**Work to be completed**
Could you please write out each line of the records exactly, minus the pictures?

**Dataset excerpts**
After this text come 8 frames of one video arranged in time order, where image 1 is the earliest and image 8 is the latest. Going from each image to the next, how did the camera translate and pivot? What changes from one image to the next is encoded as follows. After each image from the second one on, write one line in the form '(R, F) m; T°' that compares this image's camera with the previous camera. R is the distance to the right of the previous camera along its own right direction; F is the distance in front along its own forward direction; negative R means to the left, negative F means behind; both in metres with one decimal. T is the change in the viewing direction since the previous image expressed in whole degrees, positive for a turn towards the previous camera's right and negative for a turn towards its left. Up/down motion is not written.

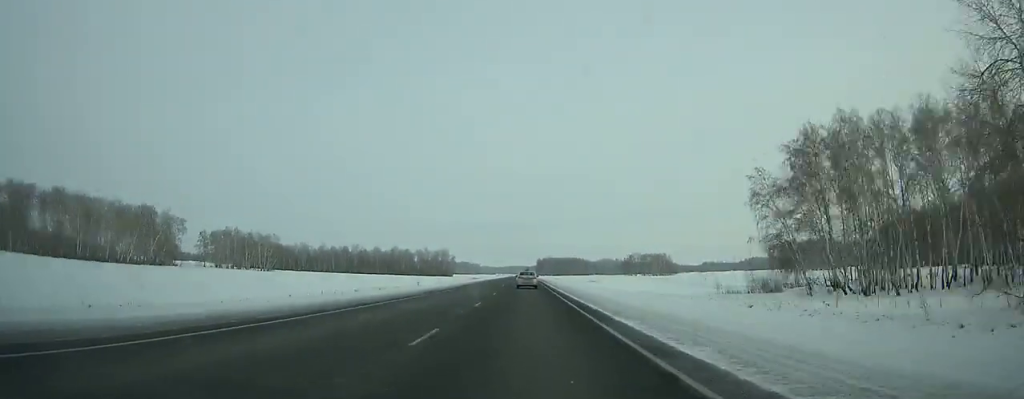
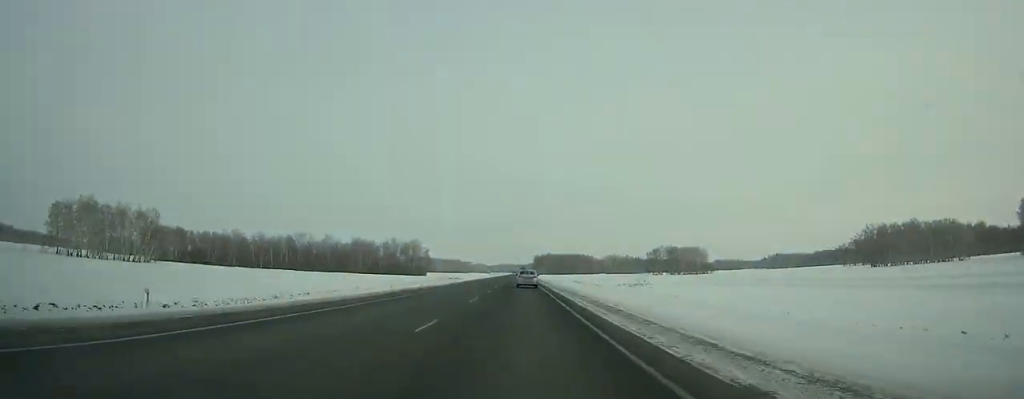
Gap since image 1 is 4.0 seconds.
(+0.4, +106.5) m; 0°
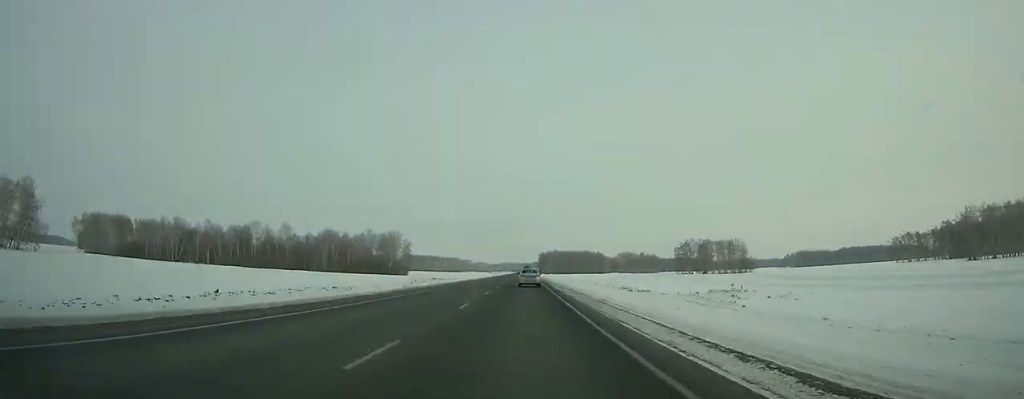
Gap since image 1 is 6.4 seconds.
(0.0, +64.2) m; 0°
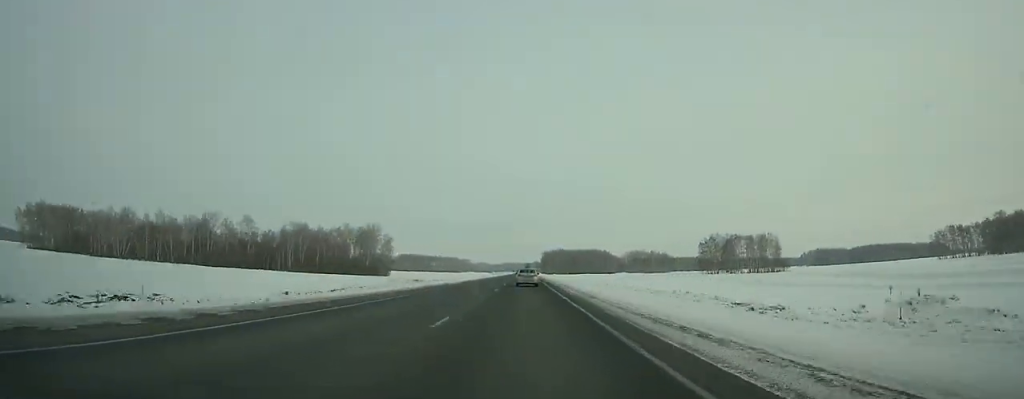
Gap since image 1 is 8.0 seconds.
(-0.1, +42.9) m; 0°
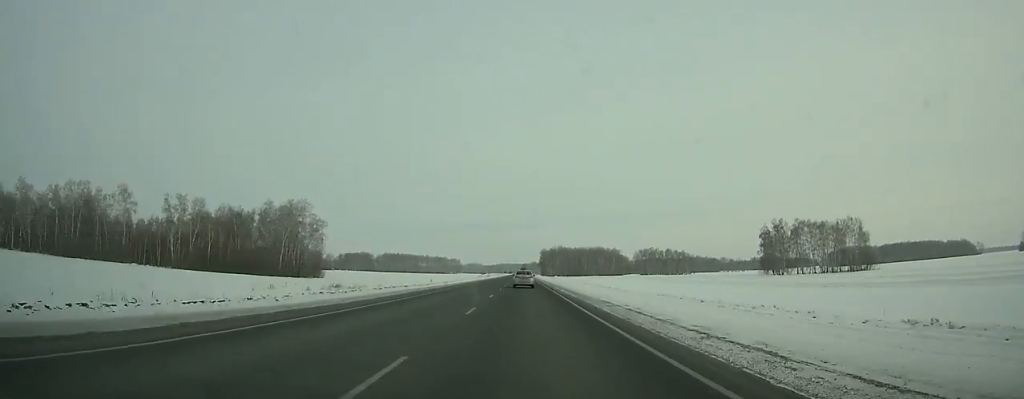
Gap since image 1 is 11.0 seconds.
(+0.1, +80.7) m; 0°
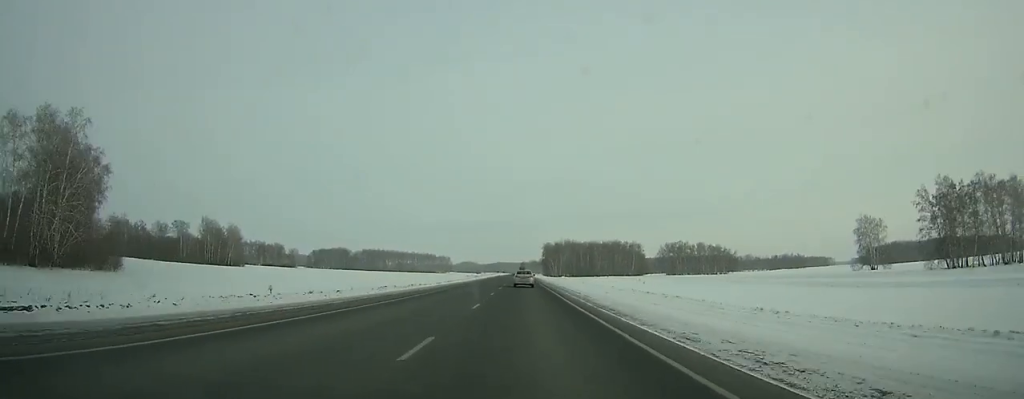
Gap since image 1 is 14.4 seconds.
(-0.1, +91.8) m; 0°
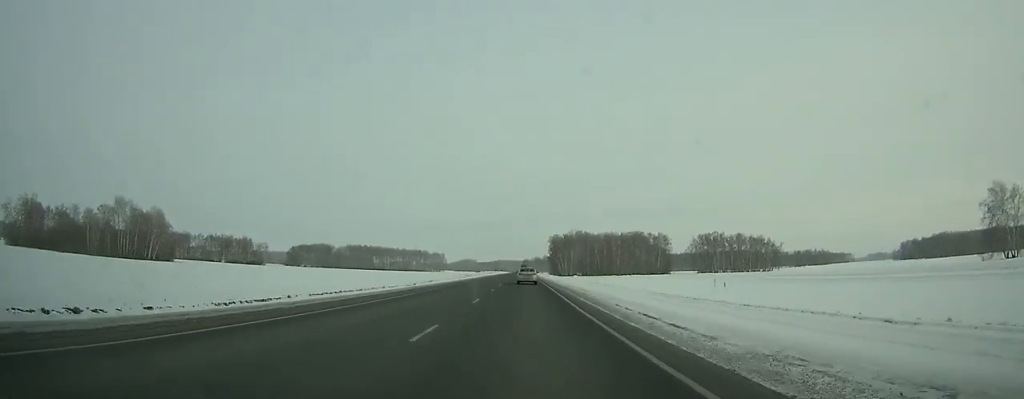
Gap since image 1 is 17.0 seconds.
(+0.1, +70.4) m; 0°
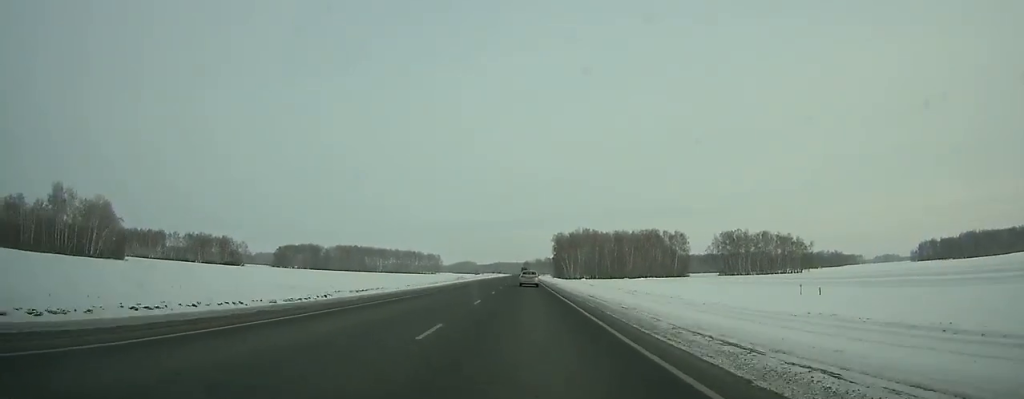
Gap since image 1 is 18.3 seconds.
(0.0, +35.4) m; 0°
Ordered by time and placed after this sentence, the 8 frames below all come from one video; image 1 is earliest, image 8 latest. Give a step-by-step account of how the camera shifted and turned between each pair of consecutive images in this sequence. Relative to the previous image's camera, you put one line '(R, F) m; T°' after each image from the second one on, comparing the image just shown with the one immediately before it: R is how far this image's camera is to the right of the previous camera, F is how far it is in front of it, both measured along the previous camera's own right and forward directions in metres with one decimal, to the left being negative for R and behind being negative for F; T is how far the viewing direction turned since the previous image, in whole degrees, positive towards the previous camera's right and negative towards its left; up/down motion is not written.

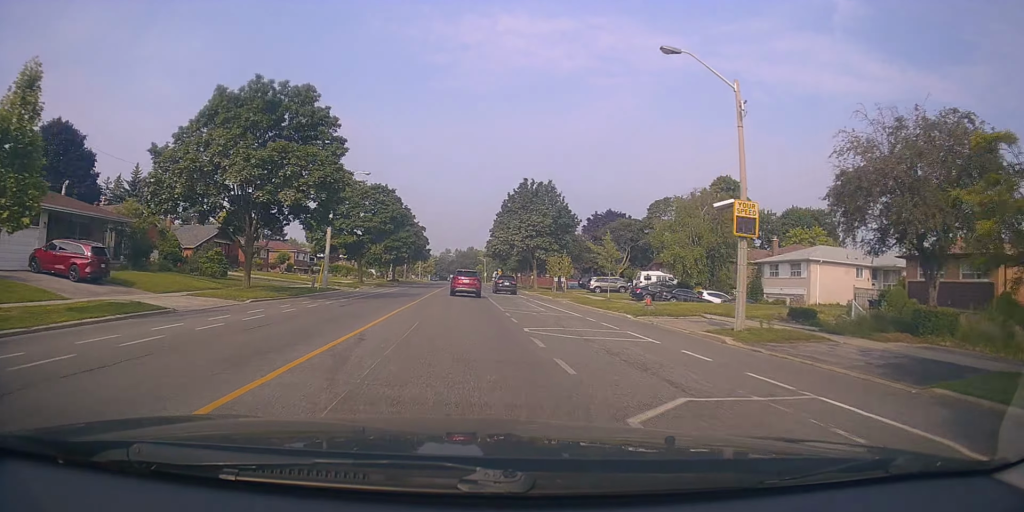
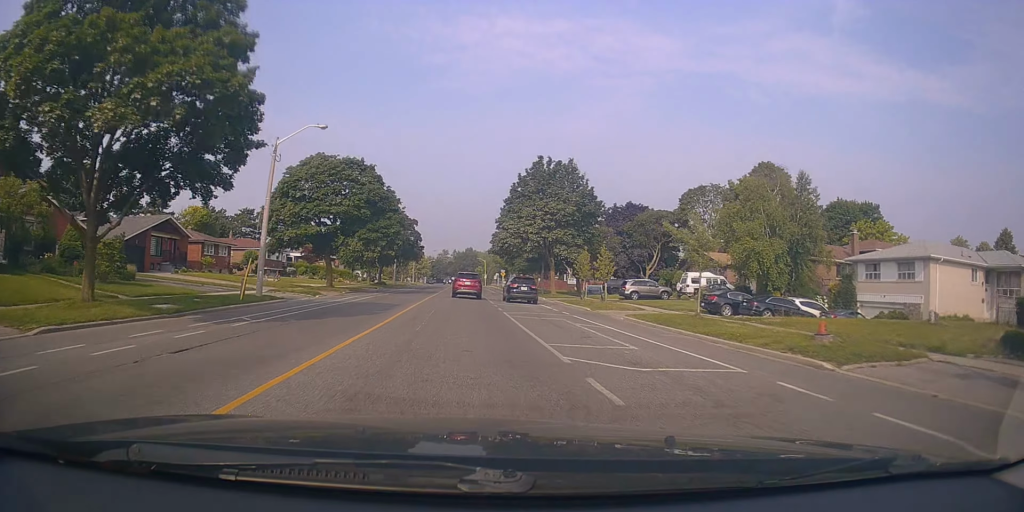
(+0.3, +13.3) m; +2°
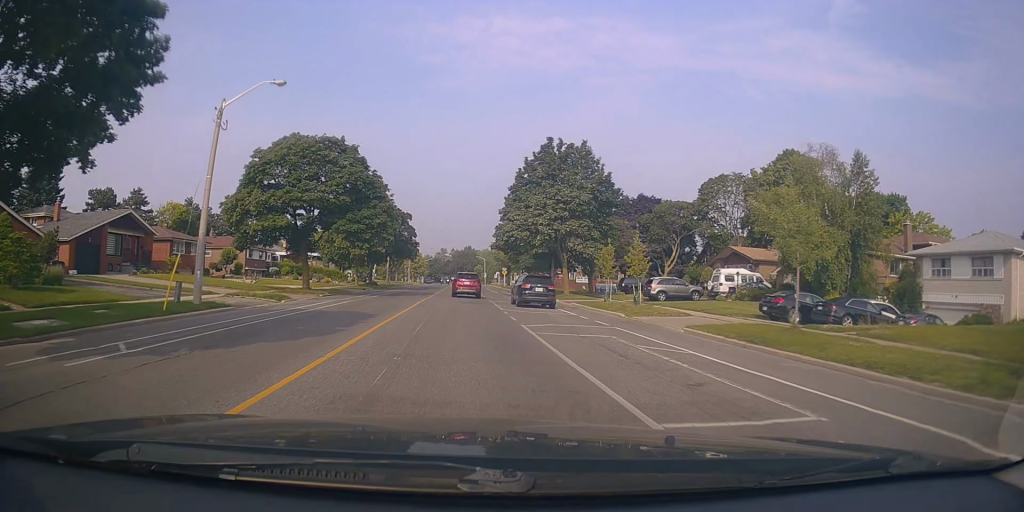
(+0.1, +6.7) m; +1°
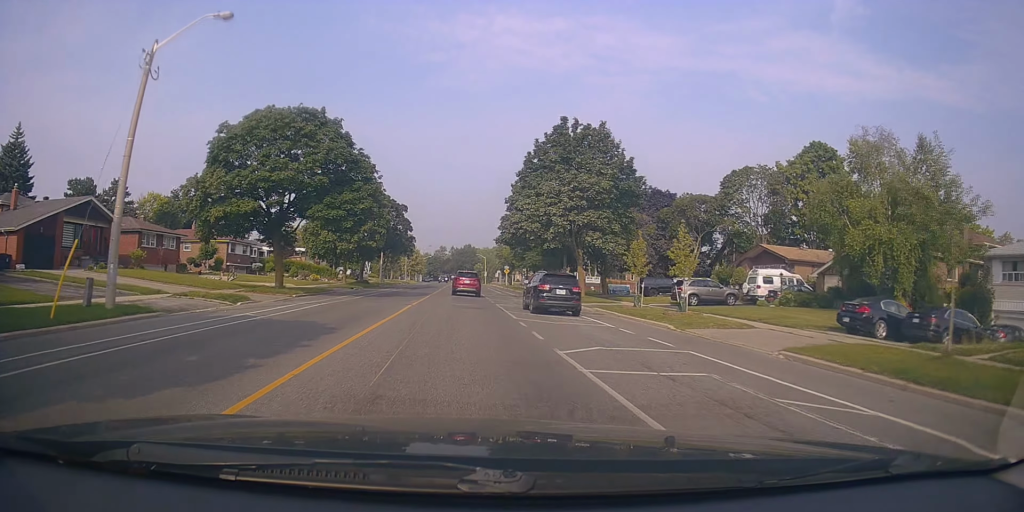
(0.0, +5.8) m; -1°
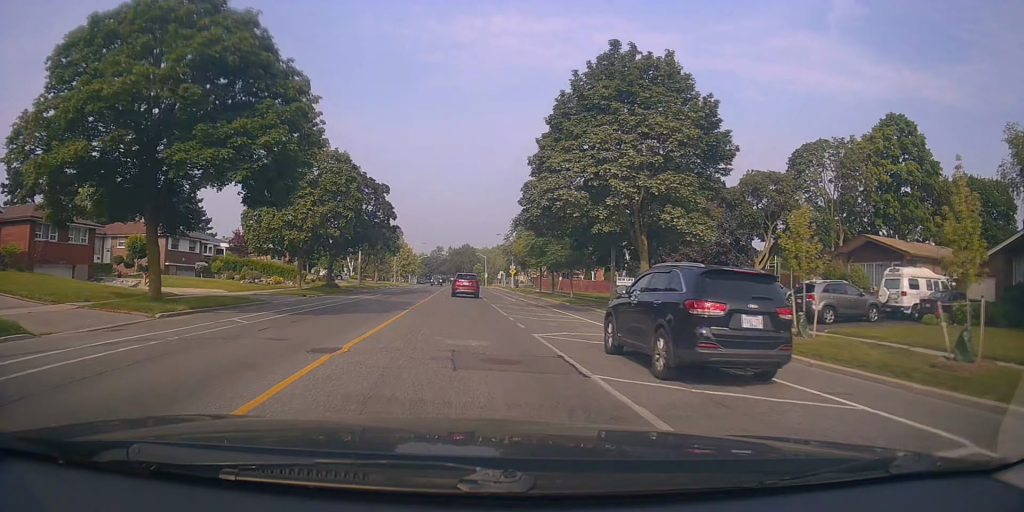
(-0.3, +14.2) m; -2°
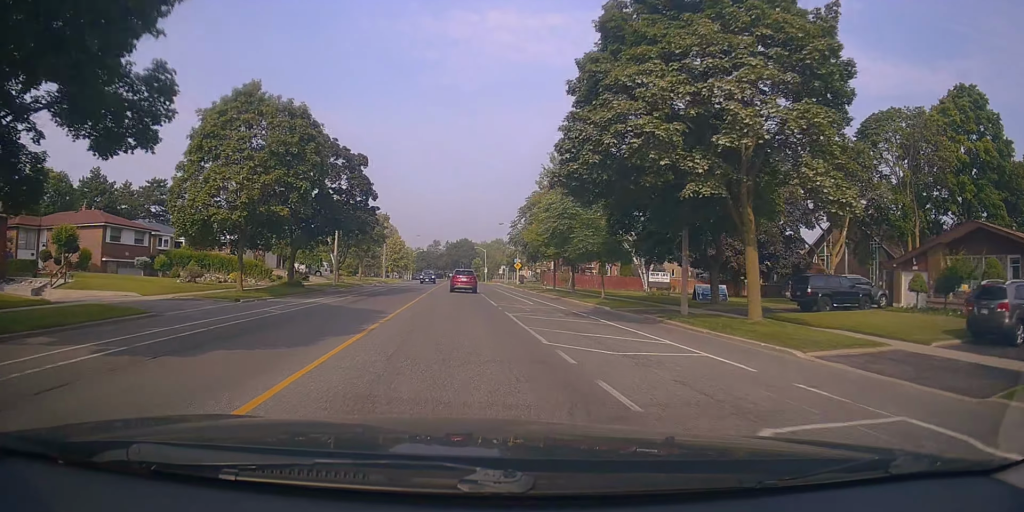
(-0.2, +10.1) m; 0°
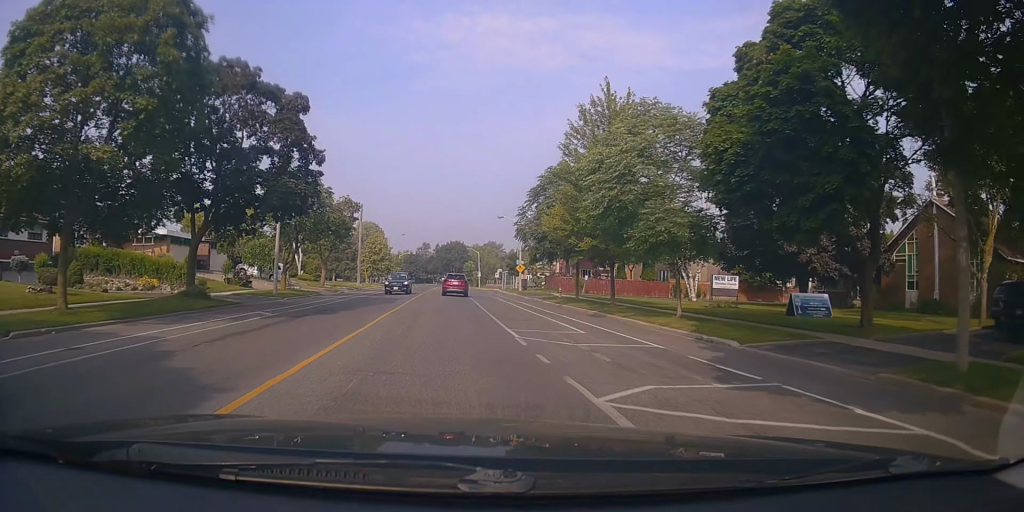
(+0.2, +13.1) m; +2°
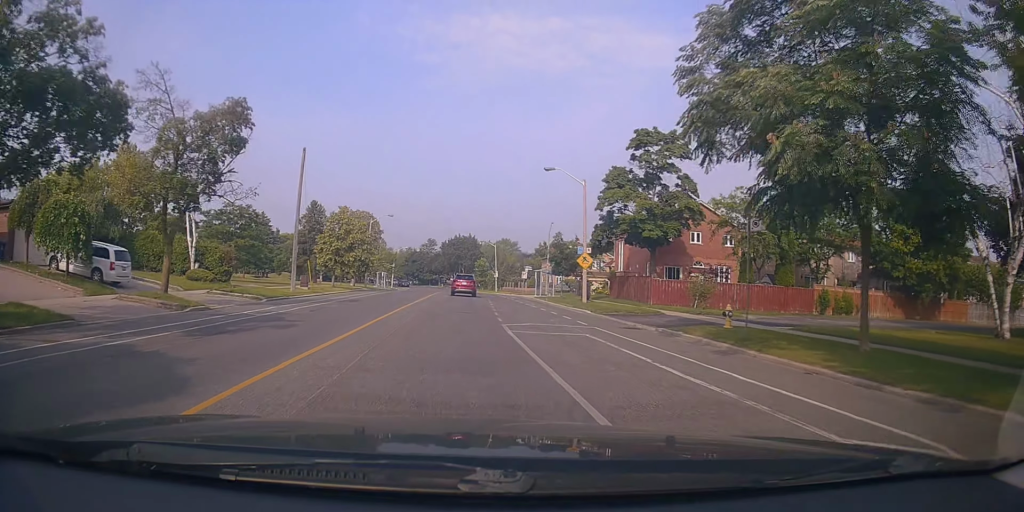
(-0.1, +27.1) m; +1°

**Result below**
After this text come 8 frames of one video arranged in time order, where image 1 is the earliest and image 8 is the latest. Going from each image to the next, how did the camera translate and pivot? What changes from one image to the next is encoded as follows. After each image from the second one on, write one line in the form '(R, F) m; T°' that compares this image's camera with the previous camera. R is the distance to the right of the previous camera along its own right direction; F is the distance in front along its own forward direction; negative R means to the left, negative F means behind; both in metres with one decimal. T is the change in the viewing direction since the previous image expressed in whole degrees, positive for a turn towards the previous camera's right and negative for a turn towards its left. Up/down motion is not written.

Gap since image 1 is 4.0 seconds.
(+0.4, +106.5) m; 0°
Gap since image 1 is 6.4 seconds.
(0.0, +64.2) m; 0°
Gap since image 1 is 8.0 seconds.
(-0.1, +42.9) m; 0°
Gap since image 1 is 11.0 seconds.
(+0.1, +80.7) m; 0°
Gap since image 1 is 14.4 seconds.
(-0.1, +91.8) m; 0°
Gap since image 1 is 17.0 seconds.
(+0.1, +70.4) m; 0°
Gap since image 1 is 18.3 seconds.
(0.0, +35.4) m; 0°
Ordered by time and placed after this sentence, the 8 frames below all come from one video; image 1 is earliest, image 8 latest. Give a step-by-step account of how the camera shifted and turned between each pair of consecutive images in this sequence. Relative to the previous image's camera, you put one line '(R, F) m; T°' after each image from the second one on, comparing the image just shown with the one immediately before it: R is how far this image's camera is to the right of the previous camera, F is how far it is in front of it, both measured along the previous camera's own right and forward directions in metres with one decimal, to the left being negative for R and behind being negative for F; T is how far the viewing direction turned since the previous image, in whole degrees, positive towards the previous camera's right and negative towards its left; up/down motion is not written.

(+0.3, +13.3) m; +2°
(+0.1, +6.7) m; +1°
(0.0, +5.8) m; -1°
(-0.3, +14.2) m; -2°
(-0.2, +10.1) m; 0°
(+0.2, +13.1) m; +2°
(-0.1, +27.1) m; +1°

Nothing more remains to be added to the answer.